Parroting the Urban legends...

Over last many days, Sajjad Lone has been parroting some urban legands on all TV channels.... Some of these are also repeatedly and accepted blindly by many people across different media channels as well.

One of the weirdest lie leaders from Kashmir are repeatedly parroting over media is that the Amarnath cave was discovered by a Kashmiri muslim 130-140 years ago and that the yatra has existed only for last 130-140 years ago.

Now what do you call this - ignorance or political propaganda? This is an urban legend being repeated so often that people have started believing this as the truth. Yes, Buta Malik's family having been part of caretakers and having had rights to the proceed from donations/collections at the shrine is a fact. But the genesis of that is not that Buta Malik discovered the cave.

The historic references to the existance of the holy cave and the traditional yatra go back many centuries. (Source: Wikipedia)
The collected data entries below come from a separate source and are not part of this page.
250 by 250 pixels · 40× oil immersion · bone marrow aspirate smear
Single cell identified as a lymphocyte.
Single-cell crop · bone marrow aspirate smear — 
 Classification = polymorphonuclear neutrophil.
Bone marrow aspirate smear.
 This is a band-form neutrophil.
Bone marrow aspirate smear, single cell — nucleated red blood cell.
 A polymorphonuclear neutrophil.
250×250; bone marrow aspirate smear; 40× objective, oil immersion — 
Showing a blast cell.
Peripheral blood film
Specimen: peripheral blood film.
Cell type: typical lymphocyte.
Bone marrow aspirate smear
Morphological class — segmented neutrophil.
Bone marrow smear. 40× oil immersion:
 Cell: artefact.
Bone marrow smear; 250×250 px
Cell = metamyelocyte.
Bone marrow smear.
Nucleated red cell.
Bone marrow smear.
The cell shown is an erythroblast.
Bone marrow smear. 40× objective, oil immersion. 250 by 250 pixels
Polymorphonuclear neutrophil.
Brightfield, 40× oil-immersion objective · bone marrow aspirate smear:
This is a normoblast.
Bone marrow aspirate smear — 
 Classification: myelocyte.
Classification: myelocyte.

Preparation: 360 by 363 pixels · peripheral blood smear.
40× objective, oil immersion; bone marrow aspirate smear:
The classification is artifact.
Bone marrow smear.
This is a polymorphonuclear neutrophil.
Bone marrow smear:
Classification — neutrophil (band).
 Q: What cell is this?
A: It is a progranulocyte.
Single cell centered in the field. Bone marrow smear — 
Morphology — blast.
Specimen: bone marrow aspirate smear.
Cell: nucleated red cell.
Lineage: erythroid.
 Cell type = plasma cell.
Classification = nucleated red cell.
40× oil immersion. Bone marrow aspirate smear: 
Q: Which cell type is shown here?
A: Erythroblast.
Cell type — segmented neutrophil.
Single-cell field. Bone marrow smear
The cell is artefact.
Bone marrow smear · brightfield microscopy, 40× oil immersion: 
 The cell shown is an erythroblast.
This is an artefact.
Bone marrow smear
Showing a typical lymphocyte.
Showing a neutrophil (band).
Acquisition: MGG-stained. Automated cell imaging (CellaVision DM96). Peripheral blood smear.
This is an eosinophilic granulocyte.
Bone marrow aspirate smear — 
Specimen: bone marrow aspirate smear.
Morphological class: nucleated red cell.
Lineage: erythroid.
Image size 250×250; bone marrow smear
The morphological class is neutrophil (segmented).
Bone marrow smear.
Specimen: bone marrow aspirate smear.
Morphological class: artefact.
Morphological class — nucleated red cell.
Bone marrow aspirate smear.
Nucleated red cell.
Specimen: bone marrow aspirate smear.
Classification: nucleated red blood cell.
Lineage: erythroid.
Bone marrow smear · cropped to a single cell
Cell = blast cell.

While the earliest reference to Amarnath can be seen in the Nilamata
Purana (v.1324), a 6th century Sanskrit text which depicts the
religious and cultural life of early Kashmiris and gives Kashmir’s own
creation myth, the pilgrimage to the holy cave has been described with
full topographical details in the Bhringish Samhita and the Amarnatha
Mahatmya, both ancient texts said to have been composed even earlier.
References to Amarnath, known have also been made in historical
chronicles like the Rajatarangini and its sequels and several Western
travellers’ accounts. The original name of the tirtha, as given in the ancient textsis Amareshwara,Amarnath being a name given later to it

Giving the legend of the Naga Sushruvas, who in his fury burnt to
ashes the kingdom of King Nara when he tried to abduct his daughter
already married to a Brahmin youth, and after the carnage took his
abode in the lake now known as Sheshnag (Kashmiri Sushramnag), Kalahana
writes:


“The lake of dazzling whiteness [resembling] a sea of milk
(Sheshnag), which he created [for himself as residence] on a far off
mountain, is to the present day seen by the people on the pilgrimage to
Amareshwara.”(Rajatarangini, Book I v. 267.Translation: M. A. Stein).
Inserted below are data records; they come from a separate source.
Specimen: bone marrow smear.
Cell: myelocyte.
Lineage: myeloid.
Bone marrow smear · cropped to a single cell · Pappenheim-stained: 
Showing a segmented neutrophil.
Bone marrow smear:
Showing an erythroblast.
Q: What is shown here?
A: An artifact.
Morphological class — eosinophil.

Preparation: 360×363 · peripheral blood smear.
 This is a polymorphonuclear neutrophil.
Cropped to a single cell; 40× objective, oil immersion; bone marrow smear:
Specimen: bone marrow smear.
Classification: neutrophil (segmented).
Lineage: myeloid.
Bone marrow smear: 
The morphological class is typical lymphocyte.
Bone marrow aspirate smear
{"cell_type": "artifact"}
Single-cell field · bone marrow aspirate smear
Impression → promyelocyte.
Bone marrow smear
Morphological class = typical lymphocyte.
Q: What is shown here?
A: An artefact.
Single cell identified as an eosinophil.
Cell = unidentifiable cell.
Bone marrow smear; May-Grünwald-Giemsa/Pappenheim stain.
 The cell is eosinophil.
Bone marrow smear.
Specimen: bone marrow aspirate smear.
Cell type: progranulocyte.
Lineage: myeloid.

At another place in the Rajatarangini (Book II v. 138), Kalhana says
that King Samdhimat Aryaraja (34 BCE-17CE) used to spend “the most
delightful Kashmir summer” in worshiping a linga formed of snow “in the
regions above the forests”. This too appears to be a reference to the
ice linga at Amarnath. There is yet another reference to Amareshwara or
Amarnath in the Rajatarangini (Book VII v.183). According to Kalhana,
Queen Suryamati, the wife of King Ananta (1028-1063), “granted under
her husband’s name agraharas at Amareshwara, and arranged for the
consecration of trishulas, banalingas and other [sacred emblems]”.


In his Chronicle of Kashmir, a sequel to Kalhana’s Rajatarangini,
Jonaraja relates that that Sultan Zainu’l-abidin (1420-1470) paid a
visit to the sacred tirtha of Amarnath while constructing a canal on
the left bank of the river Lidder (vv.1232-1234). The canal is now known as Shah Kol.


In the Fourth Chronicle named Rajavalipataka, which was begun by
Prjayabhatta and completed by Shuka, there is a clear and detailed
reference to the pilgrimage to the sacred site (v.841,vv. 847-849).
According to it, in a reply to Akbar’s query about Kashmir Yusuf Khan,
the Mughal governor of Kashmir at that time, described among other
things the Amarnath Yatra in full detail.


Amareshwar (Amarnath) was a famous pilgrimage place in the time of
the Mughal emperor Shah Jahan also. In his eulogy of Shah Jahan’s
father-in-law Asif Khan, titled “Asaf Vilas”, the famous Sanskrit
scholar and aesthete Panditraj Jagannath makes clear mention of
Amareshwara (Amarnath) while describing the Mughal garden Nishat laid
out by Asif Khan. The King of gods Indra himself, he says, comes here
to pay obeisance to Lord Shiva”.


Francois Bernier, a French physician, accompanied Emperor Aurangzeb
during his visit to Kashmir in 1663. In his book “Travels in the Mughal
Empire”, he writes an account of the places he visited in Kashmir that
he was “pursuing journey to a grotto full of wonderful congelations,
two days journey from Sangsafed” when he “received intelligence that my
Nawab felt very impatient and uneasy on account of my long absence”.
The editor of the second edition of the English translation of the
book, Vincient A. Smith, writes in his introduction: “The grotto full
of wonderful congelations is the Amarnath cave, where blocks of ice,
stalagmites formed by dripping water from the roof are worshipped by
many Hindus who resort here as images of Shiva…..”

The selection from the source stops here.